Despite rising out-of-pocket healthcare costs and pressure on emergency services and hospitals, neither party has announced significant health reforms. Anthony Albanese has stated his willingness to work with state premiers on the issue of financial support for hospitals, but has ruled out making ambitious funding promises before the election. Lastly, the Housing Australia Future Fund to create 30,000 affordable houses over five years, has been proposed, but its impact is considered modest.

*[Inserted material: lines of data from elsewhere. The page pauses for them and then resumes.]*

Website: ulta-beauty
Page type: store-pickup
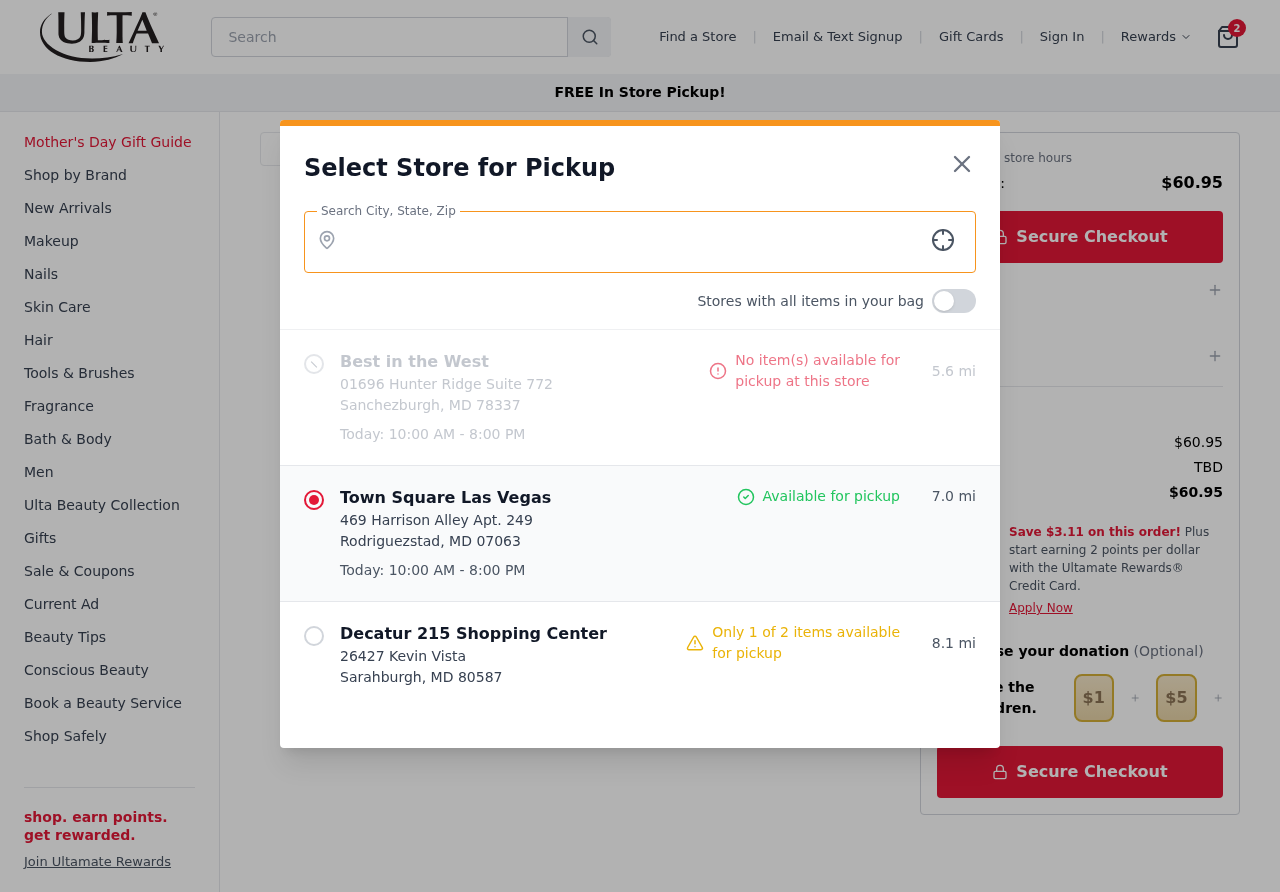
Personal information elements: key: PII_CITY
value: North Jessica
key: PII_LOCATION1_CITY_STATE_ZIP
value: Sanchezburgh, MD 78337
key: PII_LOCATION1_NAME
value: Best in the West
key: PII_LOCATION1_STREET
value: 01696 Hunter Ridge Suite 772
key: PII_LOCATION2_CITY_STATE_ZIP
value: Rodriguezstad, MD 07063
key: PII_LOCATION2_NAME
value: Town Square Las Vegas
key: PII_LOCATION2_STREET
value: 469 Harrison Alley Apt. 249
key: PII_LOCATION3_CITY_STATE_ZIP
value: Sarahburgh, MD 80587
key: PII_LOCATION3_NAME
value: Decatur 215 Shopping Center
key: PII_LOCATION3_STREET
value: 26427 Kevin Vista
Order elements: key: ORDER_NUM_ITEMS
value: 2
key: ORDER_TOTAL
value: $60.95
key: ORDER_SUBTOTAL
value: $60.95
Search elements: key: HEADER_SEARCH
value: Search
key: SEARCH_STORE_LOCATION
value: North Jessica
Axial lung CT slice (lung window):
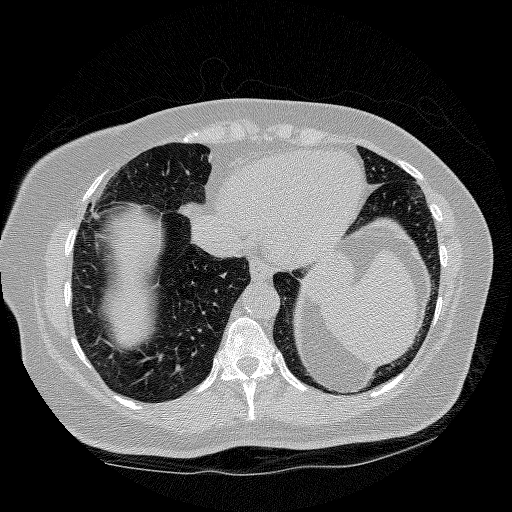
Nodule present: no

Despite concerns raised by experts about the Australian healthcare system, Labor has committed to funding urgent care clinics, although some argue that this is just a temporary solution. In the run-up to the election, Labor has announced a 0m investment for primary healthcare that will go towards infrastructure upgrades for GP practices. The Coalition has also pledged to invest in rural and remote healthcare, including reducing the cost of medicines under the Pharmaceutical Benefits Scheme. However, experts remain concerned about the lack of funding for ongoing pandemic impact. The Royal Australian College of General Practitioners has welcomed Labor's investment commitment while highlighting concerns about Medicare rebates. Health economist Prof Stephen Duckett has described the pandemic as an "elephant in the room" that is missing from the election health policies of both parties.